■ Brief: Repeat every record exactly, omitting the pictures.

Source data:
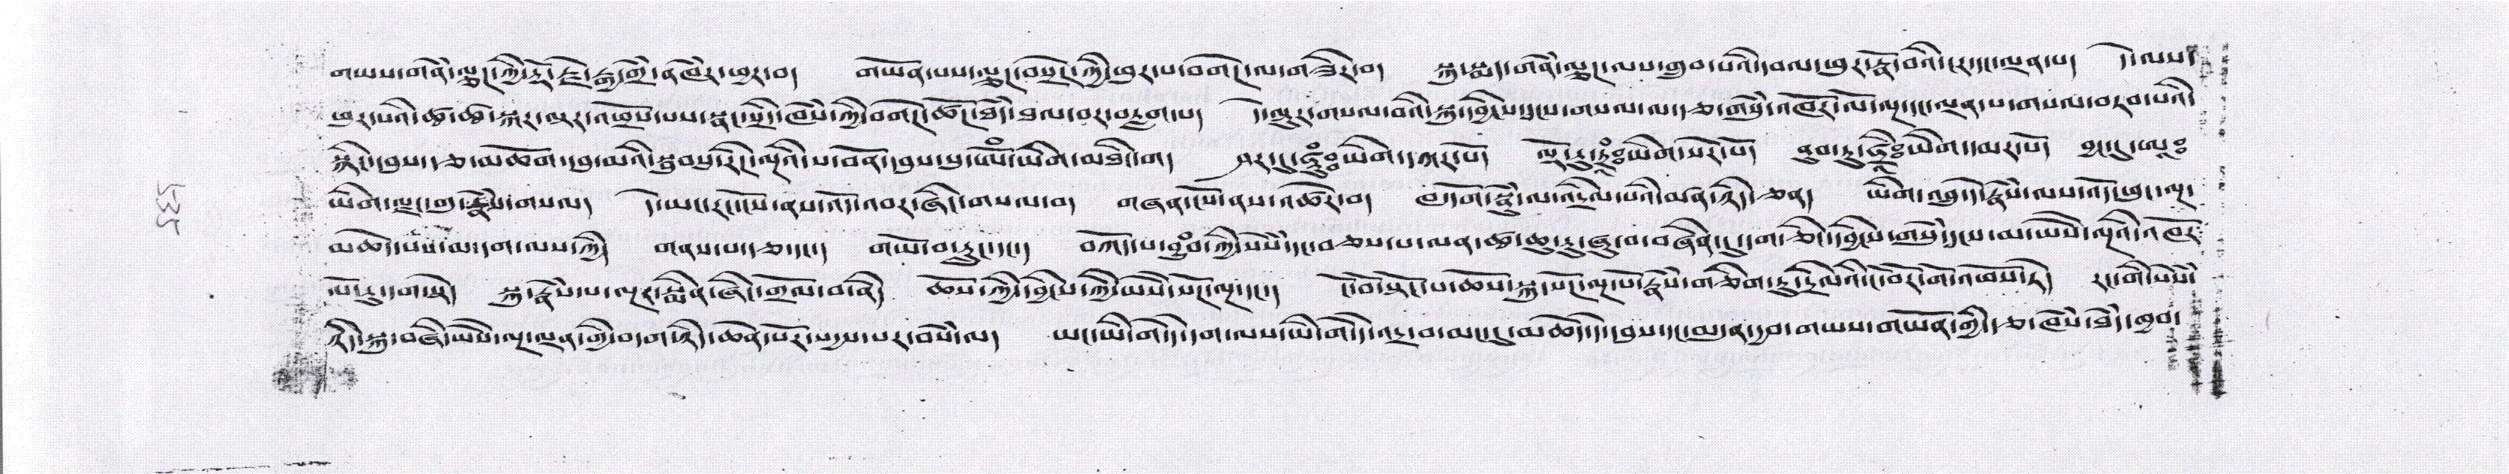གཡས་གནམ་ལྕགས་ཀྱི་རྡོ་རྗེ་རྒྱ་གྲམ་ནམ་མཁར་ཕྱར་བ། གཡོན་པས་ལྕགས་སྲེག་ཀྱི་ཕུར་པ་བགེགས་ལ་གཟིར་བ། སྐུ་སྨད་གནམ་ལྕགས་ལས་གྲུབ་པའི་དབལ་ཕུར་རྣོ་བའི་ངར་དང་ལྡན་པ། དེ་ལས་
ཕུར་པའི་ཚྭ་ཚྭ་སྐར་ལྟར་འཕྲོས་པས་སྣང་སྲིད་ཁམས་ཀྱི་བགེགས་ཚོགས་ཐམས་ཅད་ཐལ་བར་བརླག་པ། དེ་ལྟ་བུར་གསལ་བའི་སྐུ་དབྱིངས་དྭངས་གསལ་ལ་རྩ་གསུམ་འཁོར་ལོ་ལྔ་དང་ལྡན་པ་གསལ་བཏབ་པའི་
སྙིང་དབུས་རྩ་མཆོག་དབུ་མའི་སྦུབས་སུ་རིགས་ལྔའི་ས་བོན་དབུས་སུ་ཨོཾཿཡིག་མཐིང་ག། ཤར་དུ་ཧཱུཾཿཡིག་དཀར་པོ། ལྷོ་རུ་ཏྲཾཿཡིག་སེར་པོ། ནུབ་ཏུ་ཧྲིཿཡིག་དམར་པོ། བྱང་དུ་ཨཱཿ
ཡིག་ལྗང་གུ་རྣམས་གསལ། དེ་ཡང་རང་ངོས་ནས་འོད་འབར་ཞིང་གསལ་བ། གཞན་ངོས་ནས་འཚེར་བ། ཁ་དོག་སྣུམ་ལ་འདྲིལ་བའི་མཚན་ཉིད་ཅན། ཡིག་འབྲུ་དེ་རྣམས་ལས་འོད་ཕུང་ལྔ་
མཆེད་པས་མ་དག་ལས་ཀྱི། གནས་པ་རྩ་དང་། གཡོ་བ་རླུང་། བཀོད་པ་བྱང་ཆུབ་ཀྱི་སེམས་དང་བཅས་པ། ལན་ཚྭ་ཆུ་རུ་ཞུ་བ་བཞིན་དུ་དག་ཅིང་དབྱིངས་གསུམ་དྭངས་མ་ཡེ་ཤེས་ལྔ་ཡི་འཁོར་
ལོ་རུ་དག་སྟེ། སྐུ་རྣམས་ལ་སྔར་སྨིན་ཞིང་གྲོལ་བ་ནི། ཆོས་ཀྱི་དབྱིངས་ཀྱི་ཡེ་ཤེས་སོགས་ལྔ་དང་། ངོ་བོ་སྟོང་པ་ཆོས་སྐུ་སོིགས་ལྔ་པོ་གཅིག་ཏུ་དྲིལ་བའི་ངོ་བོར་གོ་འཕོས་ཏེ། རང་གི་སེམས་
ཉིད་སྐུ་བཞི་ཡེ་ཤེས་ལྔ་ལྡན་གྱི་བདག་ཉིད་ཆེན་པོར་སངས་རྒྱས་པར་བསམ་ལ། ཡང་ཡི་གེ་དེ་དག་ལས་ཡི་གེ་དེ་འདྲ་བ་མང་དུ་མཆེད་དེ་དབུས་དང་མདུན་རྒྱབ་གཡས་གཡོན་གྱི་རྩ་ཁམས་ཐམས་ཅད་ཁྱབ་

■ Worked solution:
གཡས་གནམ་ལྕགས་ཀྱི་རྡོ་རྗེ་རྒྱ་གྲམ་ནམ་མཁར་ཕྱར་བ། གཡོན་པས་ལྕགས་སྲེག་ཀྱི་ཕུར་པ་བགེགས་ལ་གཟིར་བ། སྐུ་སྨད་གནམ་ལྕགས་ལས་གྲུབ་པའི་དབལ་ཕུར་རྣོ་བའི་ངར་དང་ལྡན་པ། དེ་ལས་
ཕུར་པའི་ཚྭ་ཚྭ་སྐར་ལྟར་འཕྲོས་པས་སྣང་སྲིད་ཁམས་ཀྱི་བགེགས་ཚོགས་ཐམས་ཅད་ཐལ་བར་བརླག་པ། དེ་ལྟ་བུར་གསལ་བའི་སྐུ་དབྱིངས་དྭངས་གསལ་ལ་རྩ་གསུམ་འཁོར་ལོ་ལྔ་དང་ལྡན་པ་གསལ་བཏབ་པའི་
སྙིང་དབུས་རྩ་མཆོག་དབུ་མའི་སྦུབས་སུ་རིགས་ལྔའི་ས་བོན་དབུས་སུ་ཨོཾཿཡིག་མཐིང་ག། ཤར་དུ་ཧཱུཾཿཡིག་དཀར་པོ། ལྷོ་རུ་ཏྲཾཿཡིག་སེར་པོ། ནུབ་ཏུ་ཧྲིཿཡིག་དམར་པོ། བྱང་དུ་ཨཱཿ
ཡིག་ལྗང་གུ་རྣམས་གསལ། དེ་ཡང་རང་ངོས་ནས་འོད་འབར་ཞིང་གསལ་བ། གཞན་ངོས་ནས་འཚེར་བ། ཁ་དོག་སྣུམ་ལ་འདྲིལ་བའི་མཚན་ཉིད་ཅན། ཡིག་འབྲུ་དེ་རྣམས་ལས་འོད་ཕུང་ལྔ་
མཆེད་པས་མ་དག་ལས་ཀྱི། གནས་པ་རྩ་དང་། གཡོ་བ་རླུང་། བཀོད་པ་བྱང་ཆུབ་ཀྱི་སེམས་དང་བཅས་པ། ལན་ཚྭ་ཆུ་རུ་ཞུ་བ་བཞིན་དུ་དག་ཅིང་དབྱིངས་གསུམ་དྭངས་མ་ཡེ་ཤེས་ལྔ་ཡི་འཁོར་
ལོ་རུ་དག་སྟེ། སྐུ་རྣམས་ལ་སྔར་སྨིན་ཞིང་གྲོལ་བ་ནི། ཆོས་ཀྱི་དབྱིངས་ཀྱི་ཡེ་ཤེས་སོགས་ལྔ་དང་། ངོ་བོ་སྟོང་པ་ཆོས་སྐུ་སོིགས་ལྔ་པོ་གཅིག་ཏུ་དྲིལ་བའི་ངོ་བོར་གོ་འཕོས་ཏེ། རང་གི་སེམས་
ཉིད་སྐུ་བཞི་ཡེ་ཤེས་ལྔ་ལྡན་གྱི་བདག་ཉིད་ཆེན་པོར་སངས་རྒྱས་པར་བསམ་ལ། ཡང་ཡི་གེ་དེ་དག་ལས་ཡི་གེ་དེ་འདྲ་བ་མང་དུ་མཆེད་དེ་དབུས་དང་མདུན་རྒྱབ་གཡས་གཡོན་གྱི་རྩ་ཁམས་ཐམས་ཅད་ཁྱབ་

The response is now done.